Work to complete =
Each entry should be duplicated verbatim; its pictures should not be.

Data provided =
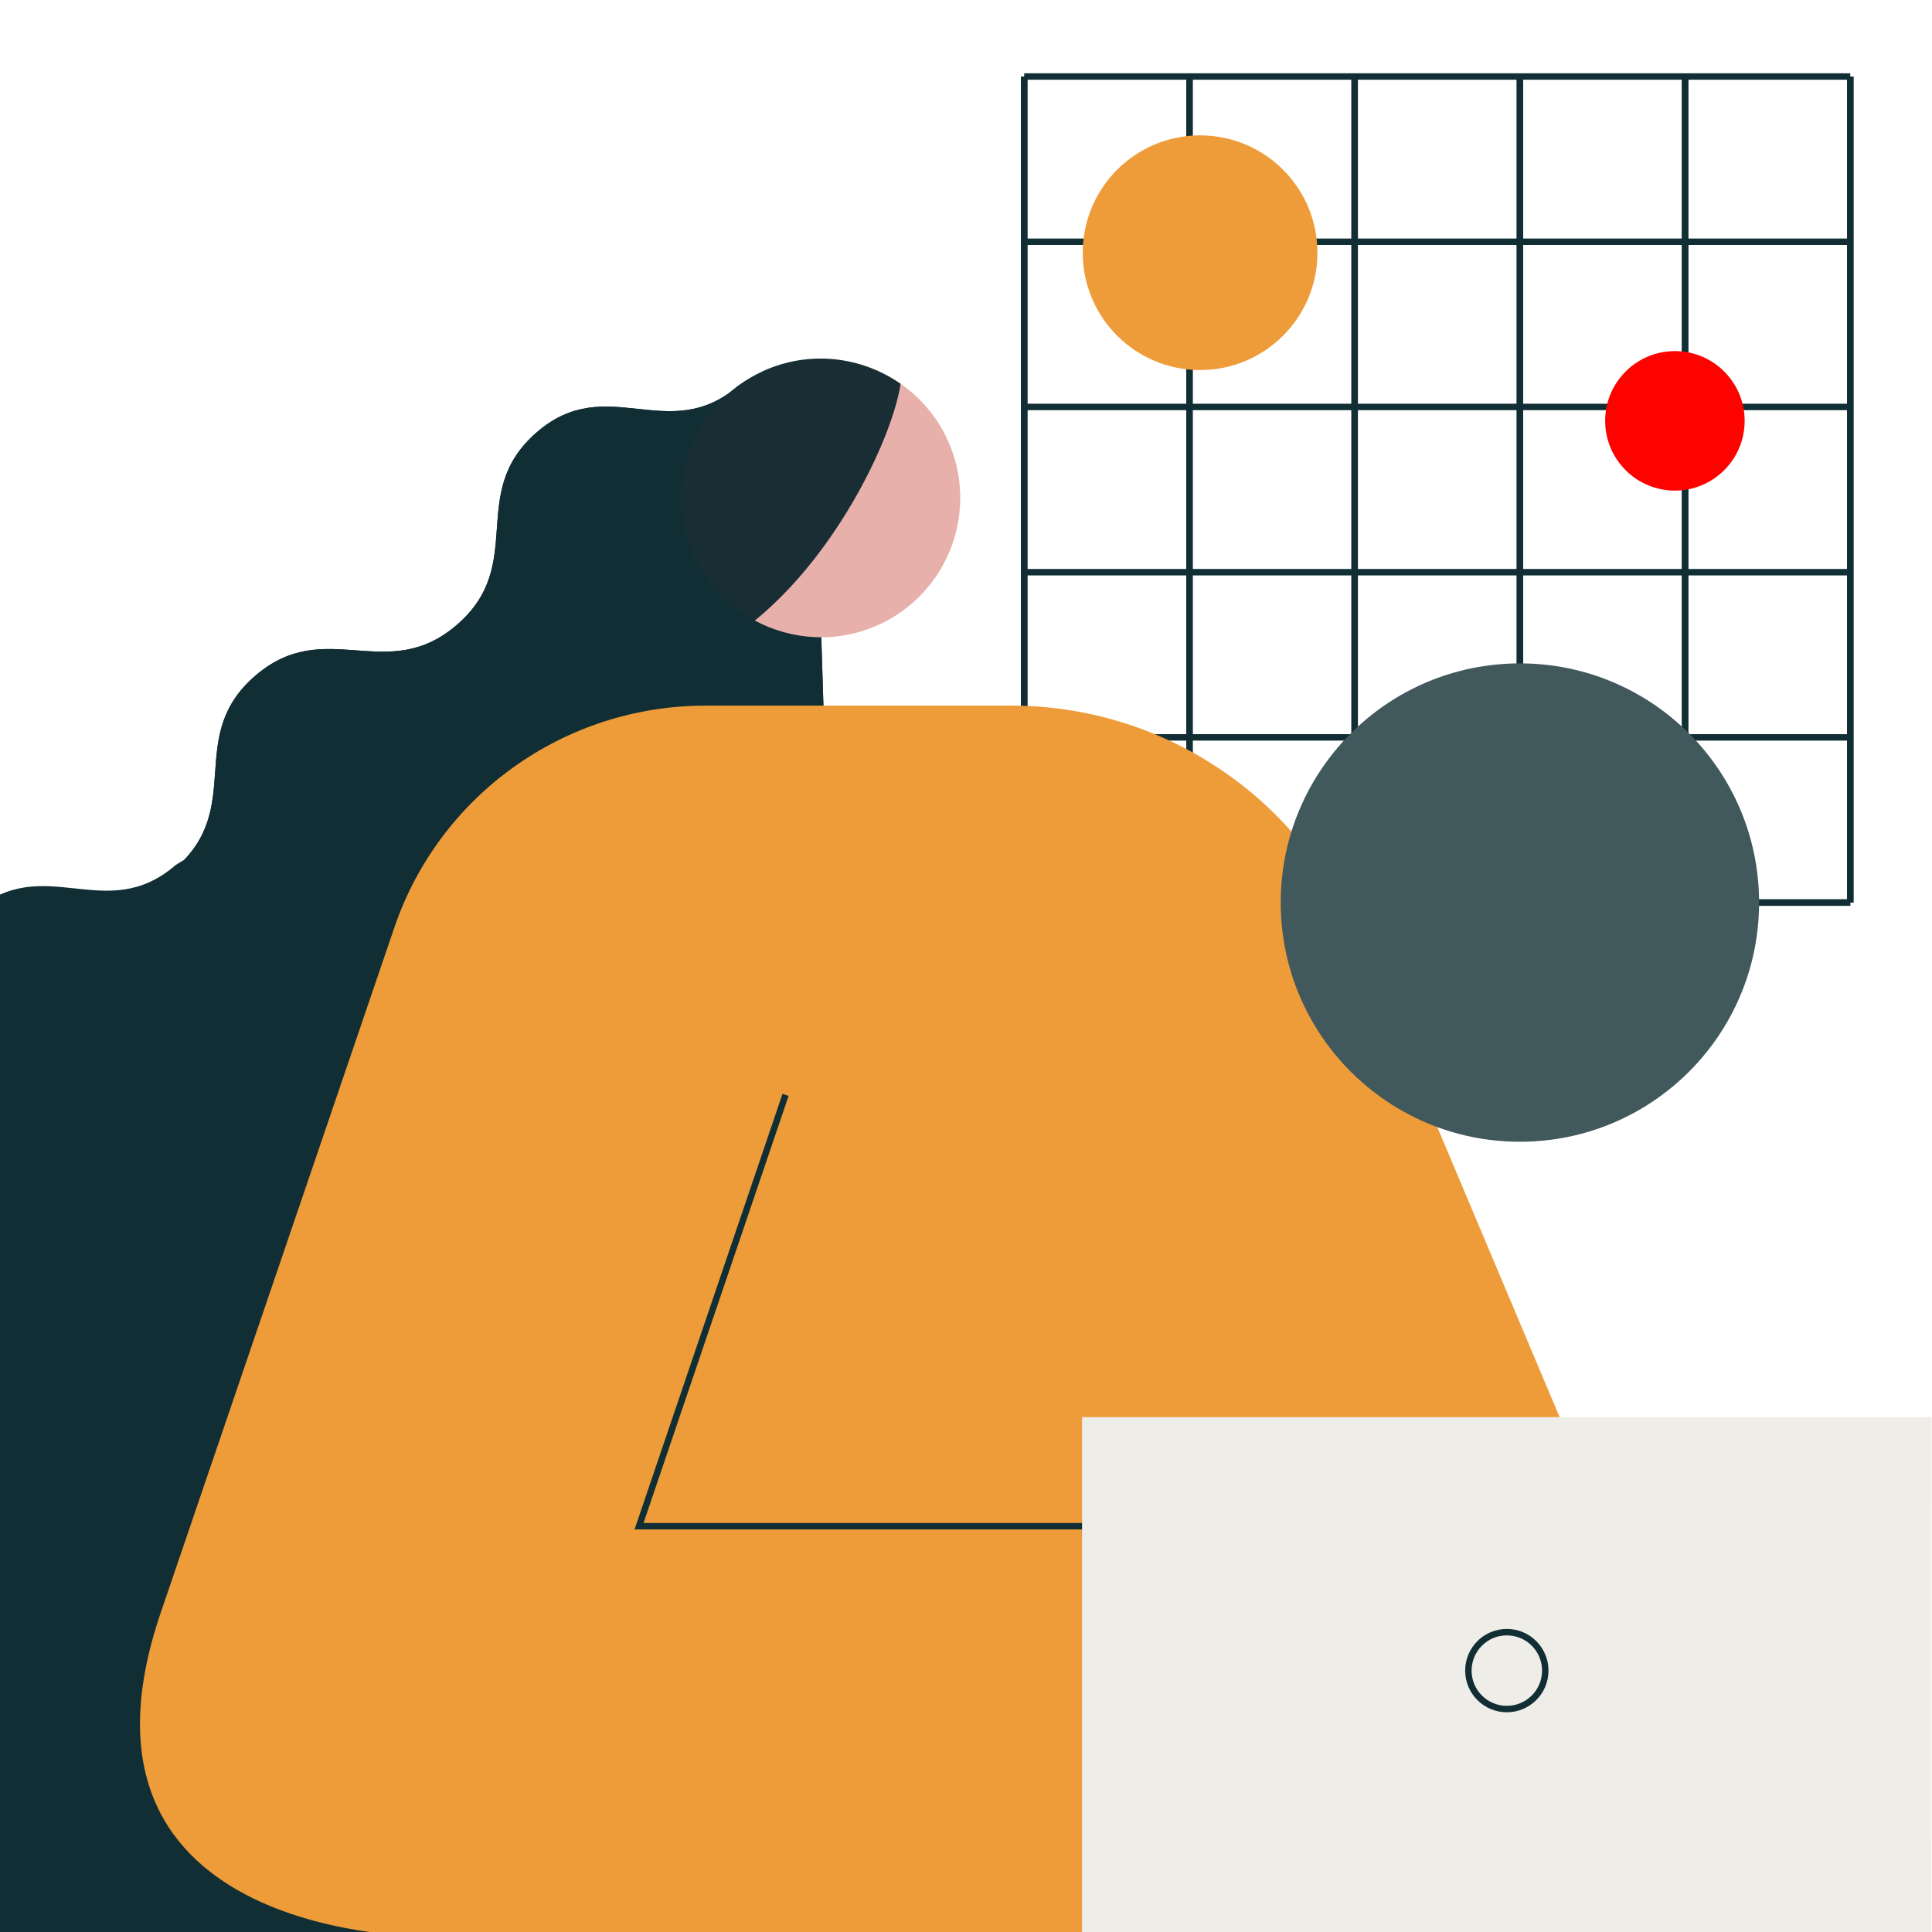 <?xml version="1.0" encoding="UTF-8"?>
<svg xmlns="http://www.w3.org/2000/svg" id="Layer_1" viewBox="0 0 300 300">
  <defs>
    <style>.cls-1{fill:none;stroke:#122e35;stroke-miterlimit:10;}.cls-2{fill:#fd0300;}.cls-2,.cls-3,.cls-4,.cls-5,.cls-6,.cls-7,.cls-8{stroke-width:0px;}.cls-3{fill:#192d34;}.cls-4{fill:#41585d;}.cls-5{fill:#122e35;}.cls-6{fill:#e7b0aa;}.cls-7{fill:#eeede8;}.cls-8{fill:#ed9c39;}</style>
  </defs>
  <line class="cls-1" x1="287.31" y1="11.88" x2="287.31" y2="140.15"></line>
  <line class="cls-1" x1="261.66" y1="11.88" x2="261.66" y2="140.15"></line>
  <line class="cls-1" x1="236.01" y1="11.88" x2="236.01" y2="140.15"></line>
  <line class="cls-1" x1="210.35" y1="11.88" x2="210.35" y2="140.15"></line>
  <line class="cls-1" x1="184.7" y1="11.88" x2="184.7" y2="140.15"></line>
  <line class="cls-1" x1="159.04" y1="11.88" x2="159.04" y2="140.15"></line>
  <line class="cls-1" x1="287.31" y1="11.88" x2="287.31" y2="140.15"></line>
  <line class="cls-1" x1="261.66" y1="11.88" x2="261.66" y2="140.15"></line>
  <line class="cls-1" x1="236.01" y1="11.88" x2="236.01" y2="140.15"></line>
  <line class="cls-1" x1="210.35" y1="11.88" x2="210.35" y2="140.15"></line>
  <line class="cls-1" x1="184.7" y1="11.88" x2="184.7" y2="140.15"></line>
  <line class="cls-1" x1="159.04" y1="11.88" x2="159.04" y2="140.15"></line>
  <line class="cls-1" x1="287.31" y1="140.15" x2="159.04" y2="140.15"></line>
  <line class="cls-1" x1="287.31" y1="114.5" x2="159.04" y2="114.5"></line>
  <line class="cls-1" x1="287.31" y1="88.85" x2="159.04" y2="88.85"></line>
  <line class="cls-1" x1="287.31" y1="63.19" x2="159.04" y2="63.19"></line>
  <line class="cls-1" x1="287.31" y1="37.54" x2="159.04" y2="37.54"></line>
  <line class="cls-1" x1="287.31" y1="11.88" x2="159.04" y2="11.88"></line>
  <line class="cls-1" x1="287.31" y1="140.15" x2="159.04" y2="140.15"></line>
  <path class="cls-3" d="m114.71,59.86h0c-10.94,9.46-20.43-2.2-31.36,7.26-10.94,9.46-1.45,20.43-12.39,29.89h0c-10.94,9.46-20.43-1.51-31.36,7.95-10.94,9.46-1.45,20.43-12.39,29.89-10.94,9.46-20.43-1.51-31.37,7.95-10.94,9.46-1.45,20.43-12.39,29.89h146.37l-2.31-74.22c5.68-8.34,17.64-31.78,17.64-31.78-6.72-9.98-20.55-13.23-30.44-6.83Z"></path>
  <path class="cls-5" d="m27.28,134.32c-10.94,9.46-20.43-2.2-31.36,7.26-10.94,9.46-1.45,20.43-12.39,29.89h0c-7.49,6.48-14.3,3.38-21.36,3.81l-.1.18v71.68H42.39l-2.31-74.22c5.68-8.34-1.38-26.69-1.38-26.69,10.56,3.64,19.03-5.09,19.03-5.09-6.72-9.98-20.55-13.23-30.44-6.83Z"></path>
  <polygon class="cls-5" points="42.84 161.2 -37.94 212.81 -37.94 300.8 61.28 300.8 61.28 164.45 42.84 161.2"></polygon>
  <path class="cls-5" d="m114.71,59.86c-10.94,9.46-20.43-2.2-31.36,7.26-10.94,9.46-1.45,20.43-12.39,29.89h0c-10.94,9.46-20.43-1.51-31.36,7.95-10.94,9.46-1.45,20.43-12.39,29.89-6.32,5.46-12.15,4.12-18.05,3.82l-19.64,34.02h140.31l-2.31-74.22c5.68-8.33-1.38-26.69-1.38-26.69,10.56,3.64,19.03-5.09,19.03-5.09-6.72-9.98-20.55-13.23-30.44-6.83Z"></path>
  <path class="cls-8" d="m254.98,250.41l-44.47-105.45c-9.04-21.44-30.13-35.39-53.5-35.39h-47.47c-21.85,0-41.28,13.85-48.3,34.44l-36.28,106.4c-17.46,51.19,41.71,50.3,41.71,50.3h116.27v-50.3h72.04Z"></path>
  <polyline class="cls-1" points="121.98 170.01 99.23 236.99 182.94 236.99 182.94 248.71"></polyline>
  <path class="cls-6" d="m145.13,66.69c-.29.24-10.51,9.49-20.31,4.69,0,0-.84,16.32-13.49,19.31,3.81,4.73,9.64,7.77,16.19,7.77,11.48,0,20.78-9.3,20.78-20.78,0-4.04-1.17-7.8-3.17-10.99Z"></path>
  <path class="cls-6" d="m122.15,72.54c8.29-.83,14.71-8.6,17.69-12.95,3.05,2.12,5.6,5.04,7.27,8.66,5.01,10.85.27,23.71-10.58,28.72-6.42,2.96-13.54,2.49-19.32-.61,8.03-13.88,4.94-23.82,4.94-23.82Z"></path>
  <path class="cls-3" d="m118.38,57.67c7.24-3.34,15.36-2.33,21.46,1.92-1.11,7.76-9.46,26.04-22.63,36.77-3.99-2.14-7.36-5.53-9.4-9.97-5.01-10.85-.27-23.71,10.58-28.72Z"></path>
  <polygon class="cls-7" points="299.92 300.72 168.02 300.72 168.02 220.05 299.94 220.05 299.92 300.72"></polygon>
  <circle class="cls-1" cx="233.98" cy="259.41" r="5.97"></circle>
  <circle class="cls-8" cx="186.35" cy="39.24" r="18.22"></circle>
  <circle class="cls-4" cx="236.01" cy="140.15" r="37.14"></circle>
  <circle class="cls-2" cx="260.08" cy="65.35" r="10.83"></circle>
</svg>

Answer box =
 <?xml version="1.0" encoding="UTF-8"?>
<svg xmlns="http://www.w3.org/2000/svg" id="Layer_1" viewBox="0 0 300 300">
  <defs>
    <style>.cls-1{fill:none;stroke:#122e35;stroke-miterlimit:10;}.cls-2{fill:#fd0300;}.cls-2,.cls-3,.cls-4,.cls-5,.cls-6,.cls-7,.cls-8{stroke-width:0px;}.cls-3{fill:#192d34;}.cls-4{fill:#41585d;}.cls-5{fill:#122e35;}.cls-6{fill:#e7b0aa;}.cls-7{fill:#eeede8;}.cls-8{fill:#ed9c39;}</style>
  </defs>
  <line class="cls-1" x1="287.31" y1="11.88" x2="287.31" y2="140.15"></line>
  <line class="cls-1" x1="261.66" y1="11.88" x2="261.66" y2="140.15"></line>
  <line class="cls-1" x1="236.01" y1="11.88" x2="236.01" y2="140.15"></line>
  <line class="cls-1" x1="210.35" y1="11.88" x2="210.35" y2="140.15"></line>
  <line class="cls-1" x1="184.7" y1="11.88" x2="184.7" y2="140.15"></line>
  <line class="cls-1" x1="159.04" y1="11.88" x2="159.04" y2="140.15"></line>
  <line class="cls-1" x1="287.31" y1="11.88" x2="287.31" y2="140.15"></line>
  <line class="cls-1" x1="261.66" y1="11.88" x2="261.66" y2="140.15"></line>
  <line class="cls-1" x1="236.01" y1="11.88" x2="236.01" y2="140.15"></line>
  <line class="cls-1" x1="210.35" y1="11.88" x2="210.35" y2="140.15"></line>
  <line class="cls-1" x1="184.7" y1="11.88" x2="184.7" y2="140.15"></line>
  <line class="cls-1" x1="159.04" y1="11.88" x2="159.04" y2="140.15"></line>
  <line class="cls-1" x1="287.31" y1="140.15" x2="159.04" y2="140.15"></line>
  <line class="cls-1" x1="287.31" y1="114.5" x2="159.04" y2="114.5"></line>
  <line class="cls-1" x1="287.31" y1="88.85" x2="159.04" y2="88.85"></line>
  <line class="cls-1" x1="287.31" y1="63.19" x2="159.04" y2="63.19"></line>
  <line class="cls-1" x1="287.31" y1="37.54" x2="159.04" y2="37.54"></line>
  <line class="cls-1" x1="287.31" y1="11.88" x2="159.04" y2="11.88"></line>
  <line class="cls-1" x1="287.31" y1="140.15" x2="159.04" y2="140.15"></line>
  <path class="cls-3" d="m114.71,59.86h0c-10.94,9.46-20.43-2.2-31.36,7.26-10.94,9.46-1.45,20.43-12.39,29.89h0c-10.94,9.46-20.43-1.51-31.36,7.95-10.94,9.46-1.45,20.43-12.39,29.89-10.94,9.46-20.43-1.51-31.37,7.95-10.94,9.46-1.45,20.43-12.39,29.89h146.37l-2.31-74.22c5.68-8.34,17.64-31.78,17.64-31.78-6.72-9.98-20.55-13.23-30.44-6.83Z"></path>
  <path class="cls-5" d="m27.28,134.32c-10.94,9.46-20.43-2.2-31.36,7.26-10.94,9.46-1.45,20.43-12.39,29.89h0c-7.49,6.48-14.3,3.38-21.36,3.81l-.1.18v71.68H42.39l-2.31-74.22c5.68-8.34-1.38-26.69-1.38-26.69,10.56,3.64,19.03-5.09,19.03-5.09-6.72-9.98-20.55-13.23-30.44-6.83Z"></path>
  <polygon class="cls-5" points="42.84 161.2 -37.94 212.81 -37.94 300.8 61.28 300.8 61.28 164.45 42.84 161.2"></polygon>
  <path class="cls-5" d="m114.71,59.86c-10.94,9.46-20.43-2.2-31.36,7.26-10.94,9.46-1.45,20.43-12.39,29.89h0c-10.94,9.46-20.43-1.51-31.36,7.95-10.94,9.46-1.45,20.43-12.39,29.89-6.32,5.46-12.15,4.12-18.05,3.82l-19.64,34.02h140.31l-2.31-74.22c5.68-8.33-1.38-26.69-1.38-26.69,10.56,3.64,19.03-5.09,19.03-5.09-6.72-9.98-20.55-13.23-30.44-6.83Z"></path>
  <path class="cls-8" d="m254.98,250.41l-44.47-105.45c-9.04-21.44-30.13-35.39-53.5-35.39h-47.47c-21.85,0-41.28,13.85-48.3,34.44l-36.28,106.4c-17.46,51.19,41.71,50.3,41.71,50.3h116.27v-50.3h72.04Z"></path>
  <polyline class="cls-1" points="121.98 170.01 99.23 236.99 182.94 236.99 182.94 248.71"></polyline>
  <path class="cls-6" d="m145.13,66.69c-.29.24-10.51,9.49-20.31,4.69,0,0-.84,16.32-13.49,19.31,3.81,4.73,9.64,7.77,16.19,7.77,11.48,0,20.78-9.3,20.78-20.78,0-4.04-1.17-7.8-3.17-10.99Z"></path>
  <path class="cls-6" d="m122.15,72.54c8.29-.83,14.71-8.6,17.69-12.95,3.05,2.12,5.6,5.04,7.27,8.66,5.01,10.85.27,23.71-10.58,28.72-6.42,2.96-13.54,2.49-19.32-.61,8.03-13.88,4.94-23.82,4.94-23.82Z"></path>
  <path class="cls-3" d="m118.38,57.67c7.24-3.34,15.36-2.33,21.46,1.92-1.11,7.76-9.46,26.04-22.63,36.77-3.99-2.14-7.36-5.53-9.4-9.97-5.01-10.85-.27-23.71,10.58-28.72Z"></path>
  <polygon class="cls-7" points="299.92 300.72 168.02 300.72 168.02 220.05 299.94 220.05 299.92 300.72"></polygon>
  <circle class="cls-1" cx="233.98" cy="259.41" r="5.97"></circle>
  <circle class="cls-8" cx="186.35" cy="39.24" r="18.22"></circle>
  <circle class="cls-4" cx="236.01" cy="140.15" r="37.14"></circle>
  <circle class="cls-2" cx="260.08" cy="65.35" r="10.83"></circle>
</svg>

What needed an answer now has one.